**What the exercise asks**. Omit the images, then print each record below exactly as it reads.

(Records excerpted from a collection)
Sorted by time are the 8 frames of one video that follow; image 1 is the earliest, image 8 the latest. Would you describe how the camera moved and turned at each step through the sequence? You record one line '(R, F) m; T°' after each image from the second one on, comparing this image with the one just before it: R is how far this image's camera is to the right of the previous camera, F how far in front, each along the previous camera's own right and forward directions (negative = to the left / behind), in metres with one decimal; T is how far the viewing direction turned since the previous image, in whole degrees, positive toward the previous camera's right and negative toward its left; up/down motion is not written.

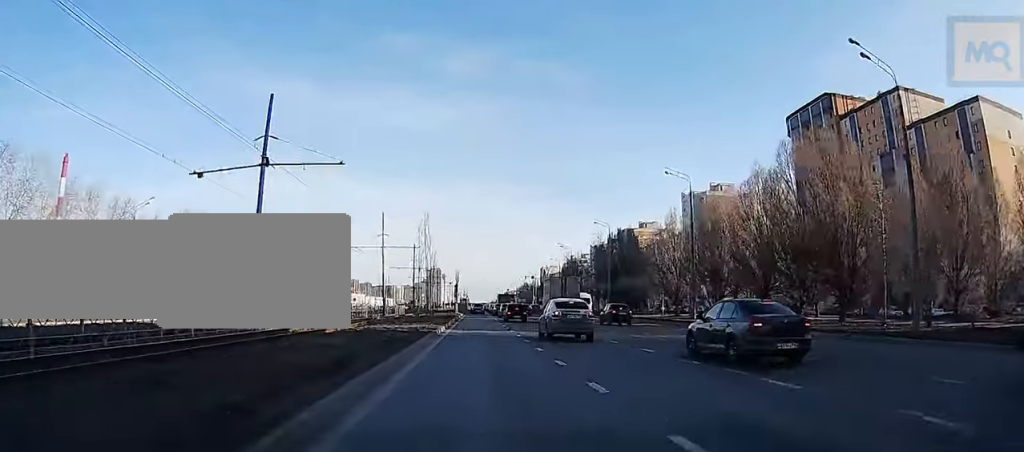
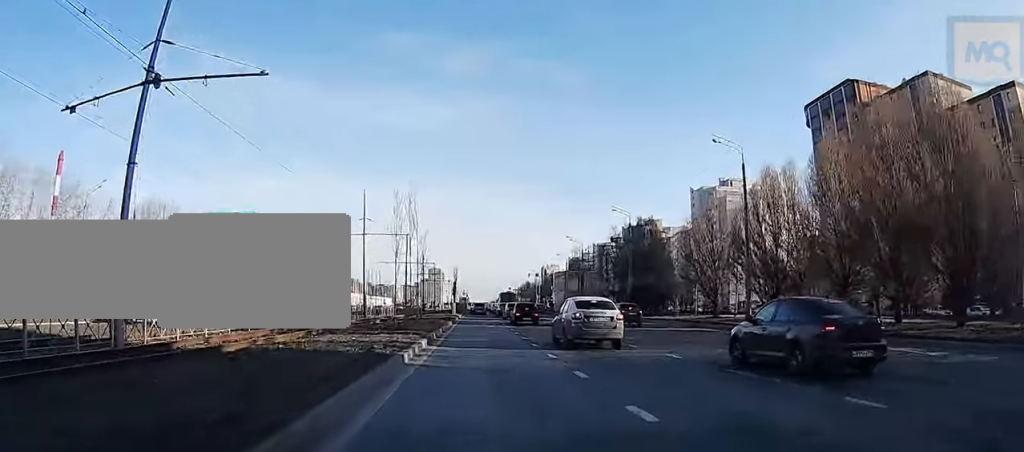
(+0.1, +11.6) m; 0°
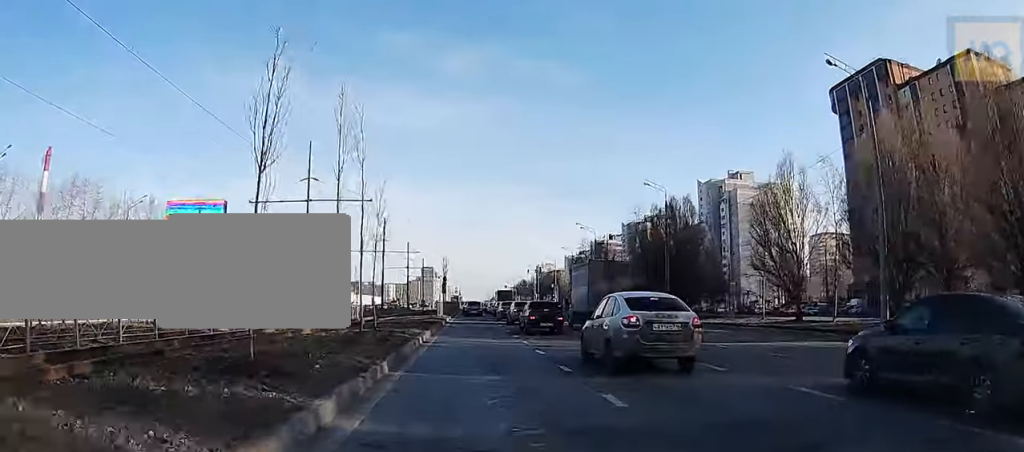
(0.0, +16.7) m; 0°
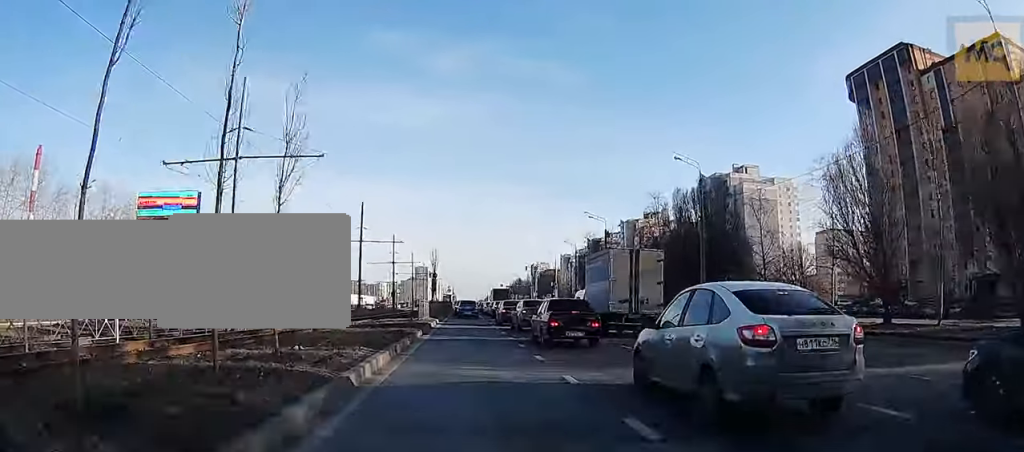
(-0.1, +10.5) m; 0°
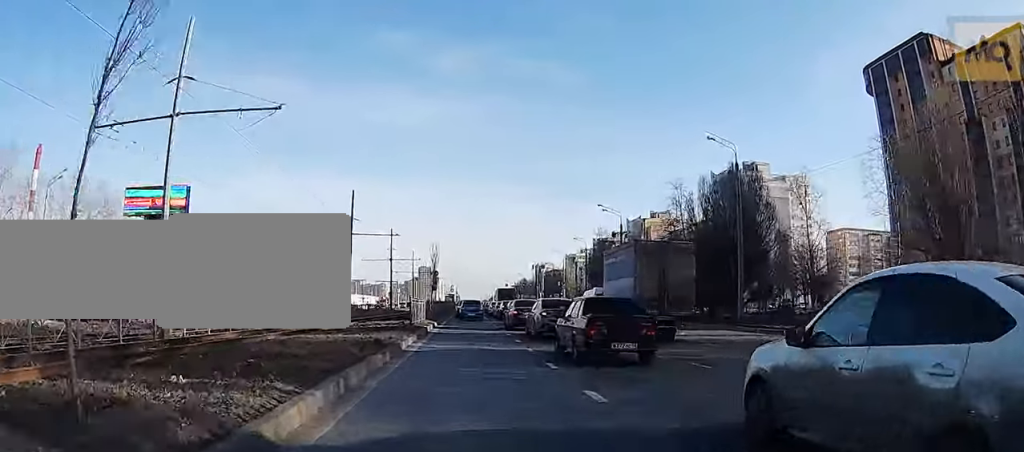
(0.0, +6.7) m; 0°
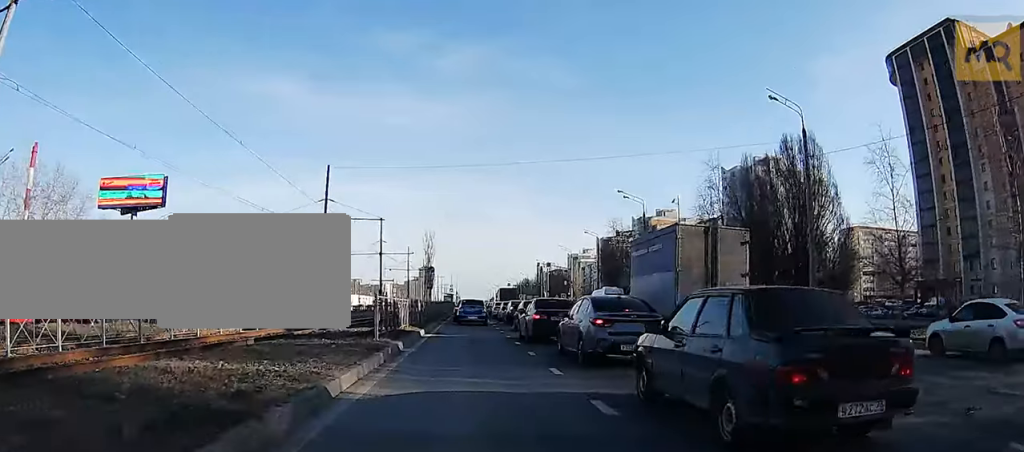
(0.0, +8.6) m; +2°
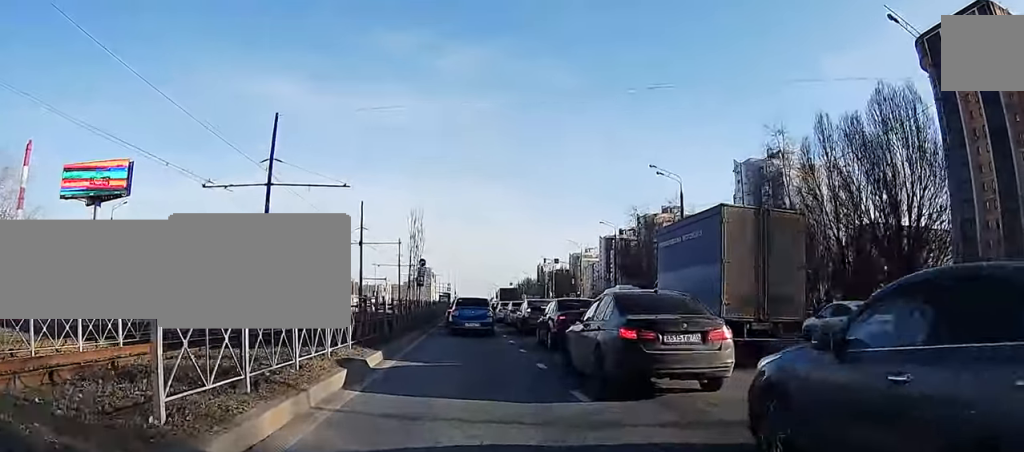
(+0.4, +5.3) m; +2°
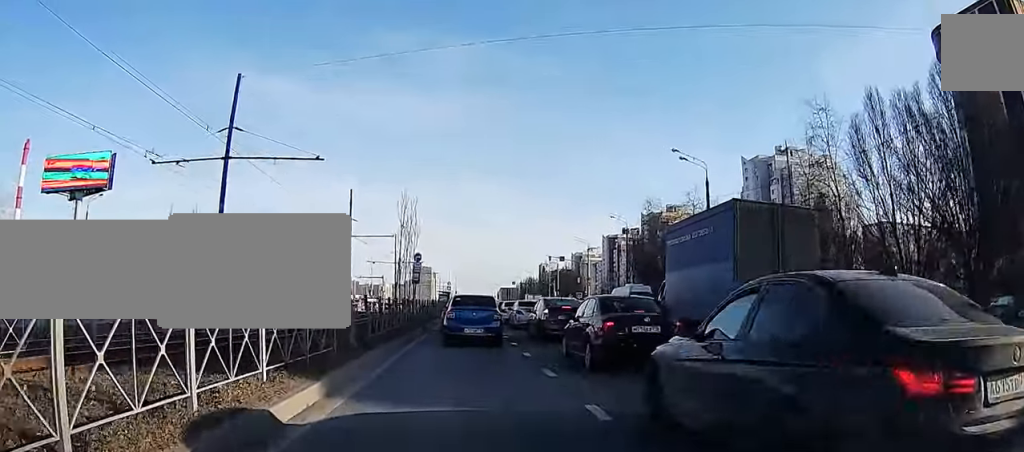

**Answer to this exercise**.
Sorted by time are the 8 frames of one video that follow; image 1 is the earliest, image 8 the latest. Would you describe how the camera moved and turned at each step through the sequence? You record one line '(R, F) m; T°' after each image from the second one on, comparing this image with the one just before it: R is how far this image's camera is to the right of the previous camera, F how far in front, each along the previous camera's own right and forward directions (negative = to the left / behind), in metres with one decimal; T is how far the viewing direction turned since the previous image, in whole degrees, positive toward the previous camera's right and negative toward its left; up/down motion is not written.

(+0.1, +11.6) m; 0°
(0.0, +16.7) m; 0°
(-0.1, +10.5) m; 0°
(0.0, +6.7) m; 0°
(0.0, +8.6) m; +2°
(+0.4, +5.3) m; +2°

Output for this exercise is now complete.